Spam account scanner script

https://github.com/TannerFilip/discourse-spam-check

I’ll start off by saying, I’m not a great programmer. This is the first “real” tool I’ve written that’s (potentially) useful to people other than me. I’d love any feedback/criticism you have.

I’ve written a Python script that scans through the list of suspect and/or silenced users and lets you delete them if necessary. I ran it over on Mozilla’s Discourse and deleted a few dozen accounts - this was only after I deleted close to a hundred by hand.

There are a few things that seem pretty hacky, especially lines 174 to 191. As I said, I’d appreciate any feedback you might have, and would be happy to answer any questions!

11 个赞

Very cool!

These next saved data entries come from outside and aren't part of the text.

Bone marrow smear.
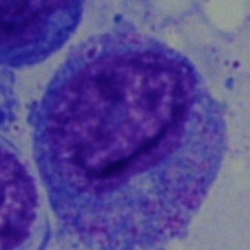
Cell — progranulocyte.
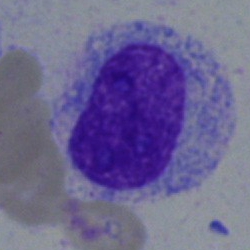 Single-cell crop from a bone marrow smear: blast.
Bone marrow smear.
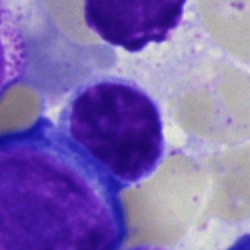 Morphology consistent with a typical lymphocyte.
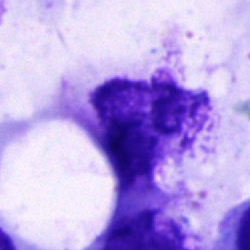

Q: What is shown here?
A: Artifact.
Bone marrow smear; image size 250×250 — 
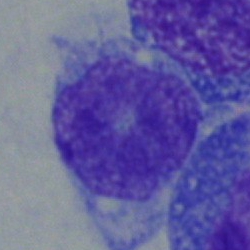 Morphology consistent with a monocyte.
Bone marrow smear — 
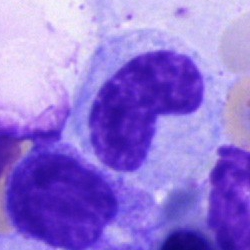 Impression → metamyelocyte.
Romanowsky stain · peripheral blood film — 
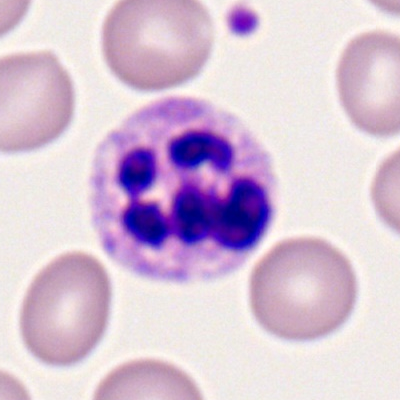 Showing a neutrophil (segmented).
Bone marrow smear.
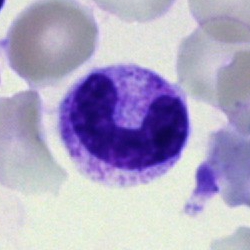
Impression → stab cell.
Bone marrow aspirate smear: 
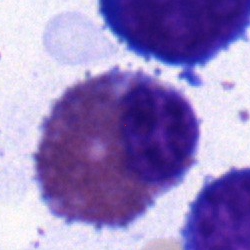
Morphology — eosinophil.
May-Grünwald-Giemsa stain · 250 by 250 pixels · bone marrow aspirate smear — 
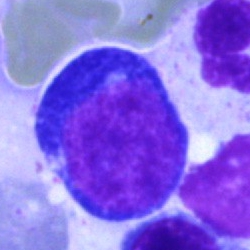Morphology — proerythroblast.
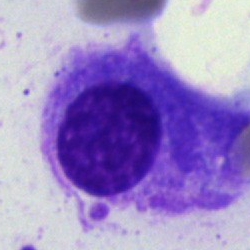 Q: What is shown here?
A: Plasma cell.
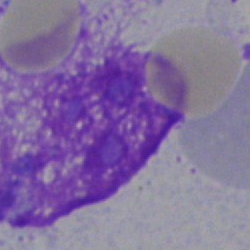Single cell identified as an artifact.
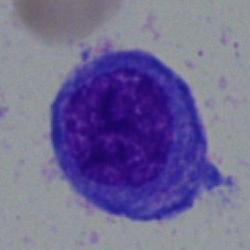

Morphology — blast cell.
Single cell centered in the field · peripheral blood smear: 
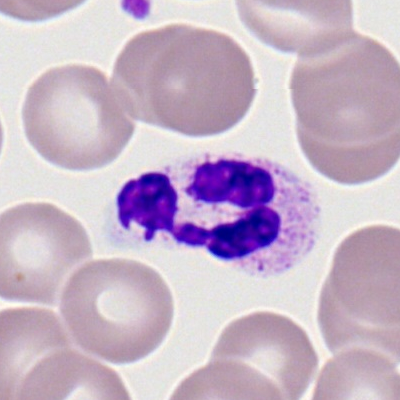 The cell type is neutrophil (segmented).
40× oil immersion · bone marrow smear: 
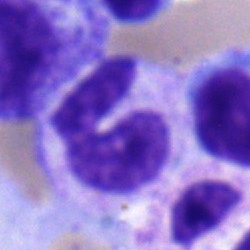
A stab cell.
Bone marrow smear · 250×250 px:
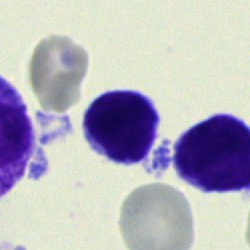

Specimen: bone marrow aspirate smear.
Cell type: typical lymphocyte.
Lineage: lymphoid.
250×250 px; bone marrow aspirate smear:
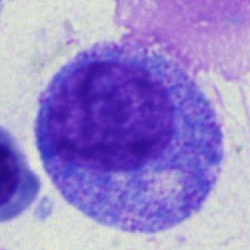 Morphology consistent with a promyelocyte.
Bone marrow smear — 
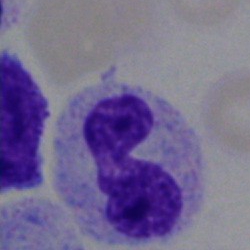
Morphology → polymorphonuclear neutrophil.
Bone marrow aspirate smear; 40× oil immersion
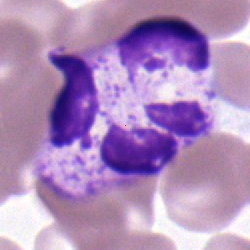
The classification is polymorphonuclear neutrophil.
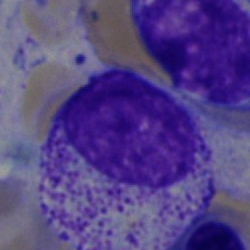
The cell type is myelocyte.
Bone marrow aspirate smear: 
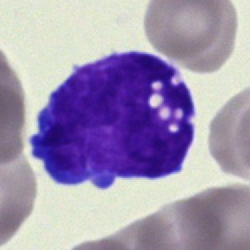Q: What type of cell is this?
A: Blast.
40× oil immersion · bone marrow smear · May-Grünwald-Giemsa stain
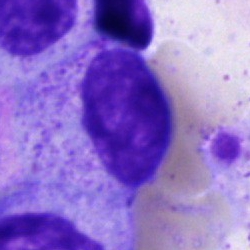Showing a myelocyte.
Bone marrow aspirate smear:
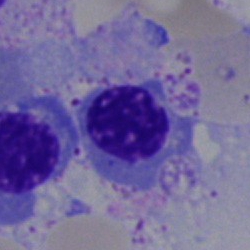 Specimen: bone marrow aspirate smear.
Morphological class: nucleated red blood cell.
Lineage: erythroid.
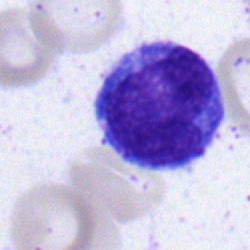Single-cell crop from a bone marrow smear: monocyte.
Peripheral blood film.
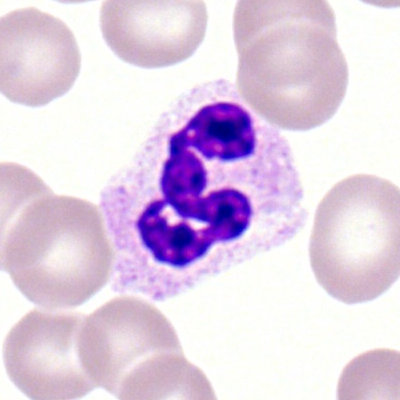

The cell type is neutrophil (segmented).
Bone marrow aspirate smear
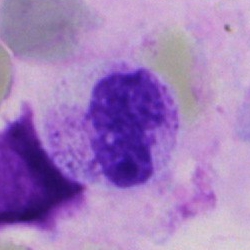
Single cell identified as a polymorphonuclear neutrophil.
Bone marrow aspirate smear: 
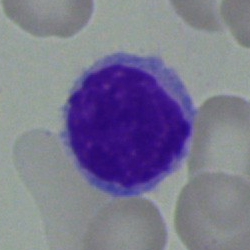
Q: What is shown here?
A: Typical lymphocyte.
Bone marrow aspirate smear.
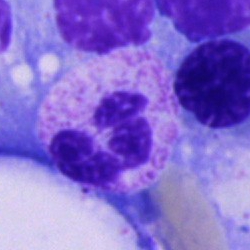Q: What cell is this?
A: This is a neutrophil (segmented).
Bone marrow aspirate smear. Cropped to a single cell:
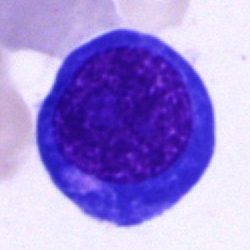Morphological class: erythroblast.
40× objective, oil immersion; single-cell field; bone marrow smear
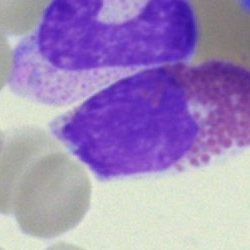
Showing an eosinophilic granulocyte.
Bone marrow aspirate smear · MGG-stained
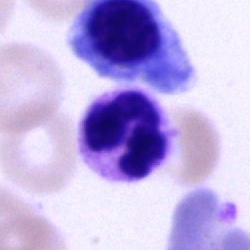
Classification — neutrophil (segmented).
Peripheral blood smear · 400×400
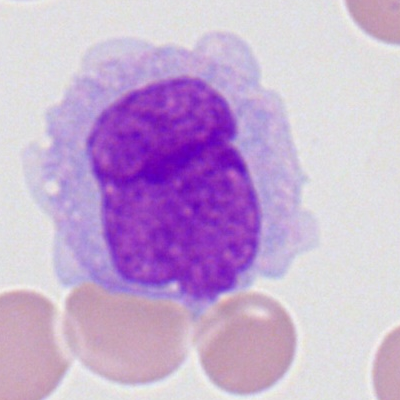 Impression — monocyte.
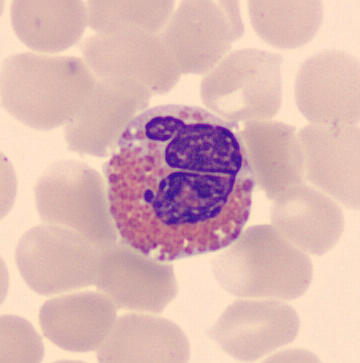 {"cell_type": "eosinophil"}
Peripheral blood film · single cell centered in the field.
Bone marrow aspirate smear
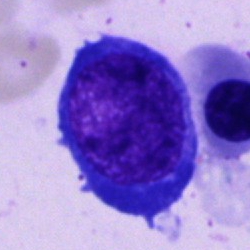Morphology consistent with a proerythroblast.
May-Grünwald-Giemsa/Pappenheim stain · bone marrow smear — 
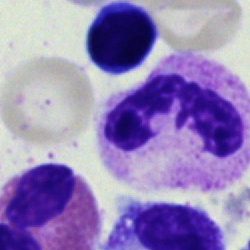Specimen: bone marrow smear.
Classification: polymorphonuclear neutrophil.
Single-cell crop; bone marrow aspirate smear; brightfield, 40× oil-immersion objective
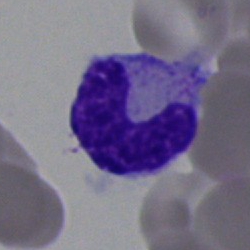A stab cell.
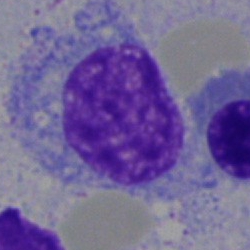An artefact on a bone marrow smear.
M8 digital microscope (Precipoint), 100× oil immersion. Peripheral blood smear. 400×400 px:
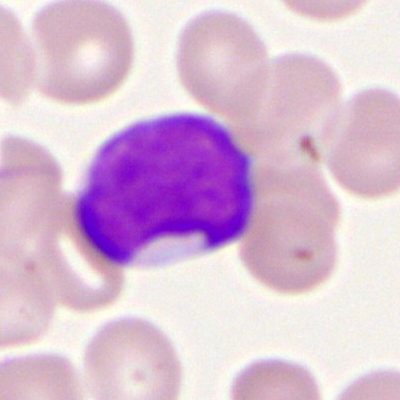
This is a myeloid blast.
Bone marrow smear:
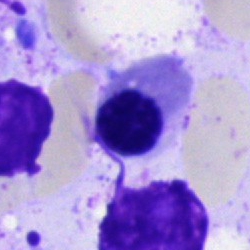Morphology consistent with a normoblast.
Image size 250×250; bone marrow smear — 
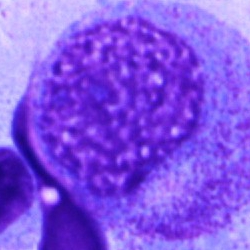

Showing a progranulocyte.
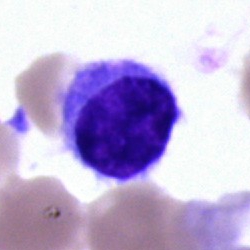

Q: What is the morphological classification of this cell?
A: A hairy cell.
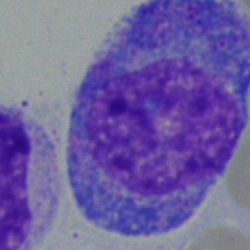

Morphology → promyelocyte.
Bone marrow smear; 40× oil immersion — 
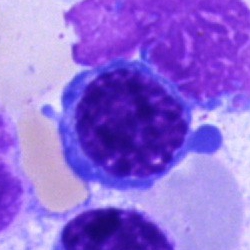
The cell type is normoblast.
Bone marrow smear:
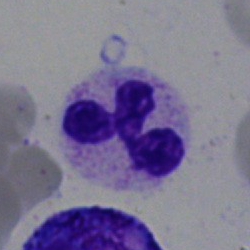 Specimen: bone marrow aspirate smear.
Morphological class: polymorphonuclear neutrophil.
Lineage: myeloid.
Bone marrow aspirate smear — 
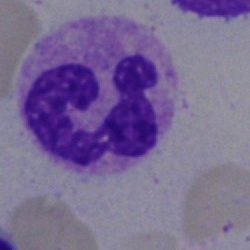

Specimen: bone marrow smear.
Cell type: neutrophil (segmented).
Lineage: myeloid.
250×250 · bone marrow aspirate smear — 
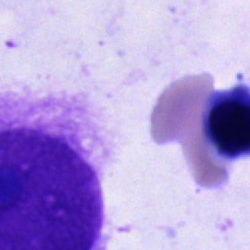
Classification = cell of indeterminate lineage.
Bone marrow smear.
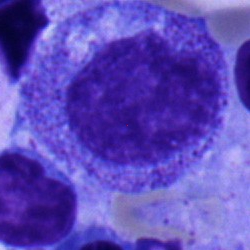

Morphological class = promyelocyte.
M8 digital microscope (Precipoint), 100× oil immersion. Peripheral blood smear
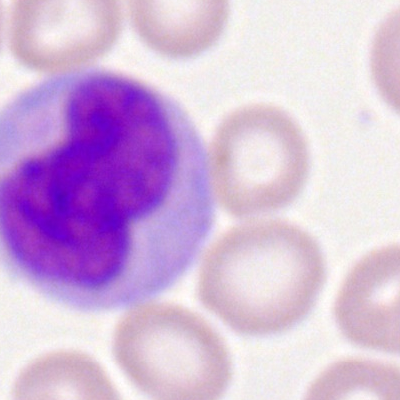
Single cell identified as a monocyte.
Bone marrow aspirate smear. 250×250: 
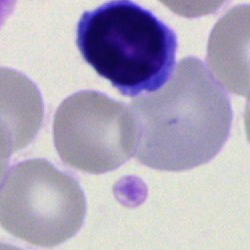 Morphology consistent with a typical lymphocyte.
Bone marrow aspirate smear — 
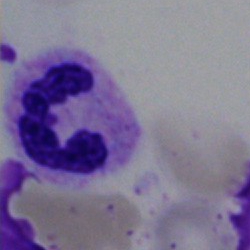The cell shown is a polymorphonuclear neutrophil.
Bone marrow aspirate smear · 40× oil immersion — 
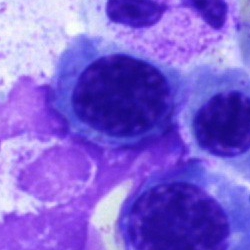
Single cell identified as a basophilic granulocyte.
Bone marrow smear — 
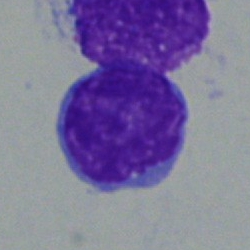Classification = typical lymphocyte.
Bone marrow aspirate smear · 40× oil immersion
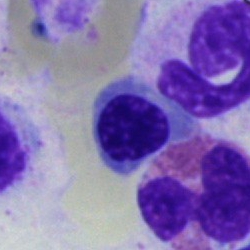

Q: Which cell type is shown here?
A: A normoblast.
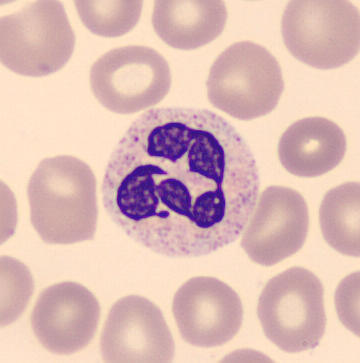 The cell shown is a polymorphonuclear neutrophil.
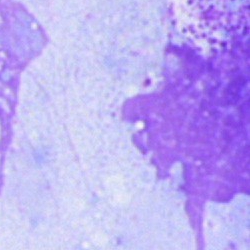 Showing an artefact.
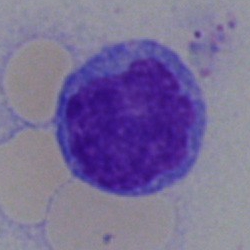

The cell shown is a promyelocyte.
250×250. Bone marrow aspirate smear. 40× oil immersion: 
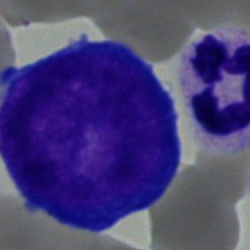Proerythroblast.
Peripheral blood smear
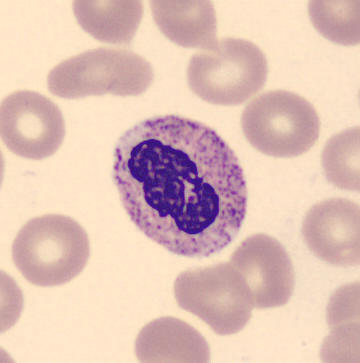
Morphological class — polymorphonuclear neutrophil.
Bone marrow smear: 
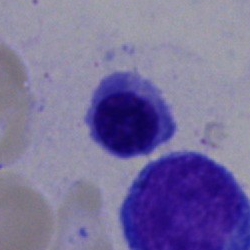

One thing you’ll want to do is be sure Akismet is enabled, as we recently (within the last 2-3 months) added a feature where the Akismet plugin will scan new user accounts for spammy stuff and flag them for you thanks to @Roman :clap:

Yes, completely human spam account signups – accounts that never post once, just set up an account with profile info and walk away forever – is indeed still a problem. The below is even after Akismet checking:

But bear in mind user profiles aren’t indexed at all, and new user profiles have seriously suppressed info… and our Akismet change helps tremendously.

Having a cleanup tool is still needed though!

7 个赞

I didn’t know that! I’ll have to talk to @LeoMcA to see if we want to enable that.

4 个赞

Suspect users are now being sent to the Review Queue, which removed the suspect users list this script was using. As they’re being pushed to manual review, is this needed now?

3 个赞

这方面有进展吗?

我们的社区每天都会遇到几次垃圾邮件/机器人账户注册,这些账户的帖子阅读量为 0,主题浏览量为 0,阅读时间不到 1 分钟。最好能有一个自动移除功能,移除所有符合特定参数的账户。

另外,是否有验证码或类似插件的选项来帮助过滤机器人?

如果这些账户没有任何活动,它们就没有危害。它们对其他用户(包括公开用户列表)是不可见的。而且,用户个人资料,无论其信任级别如何,在 robots.txt 中是被禁止的,并且在搜索引擎中不可见。

此外,不活跃账户会定期清理,请参阅**清理不活跃用户(天数)**设置(“在移除不活跃用户(信任级别为0且没有任何帖子)之前的天数。设置为0可禁用清理。”)。

它由 CleanUpInactiveUsers SideKiq 作业触发。

1 个赞

这什么都没禁止。robots.txt 只是一个礼貌的建议,同时也是一个正确的方向指示。

它可能无害,但在过去,垃圾邮件发送者曾利用这些账户来“养”他们的个人资料,然后再激活它,因为他们知道我们正在关注新账户。然后,突然一个 3 个月前的账户开始尝试链接到任何垃圾邮件或用户网络钓鱼尝试。

就个人而言,我希望有更好的工具来在它们成为问题之前解决它们,而不是等待。如果我们有更强大的工具来阻止机器人注册,那也会有帮助。

当然,有时仍然可能是一个问题。我遇到很多垃圾邮件,但到目前为止,我还没有看到任何长期不活跃的垃圾邮件账号突然发布内容。

如果他们发布垃圾邮件,无论如何都会很快被其他用户标记。

而且你仍然可以大大缩短非活跃账号被删除之前的时间。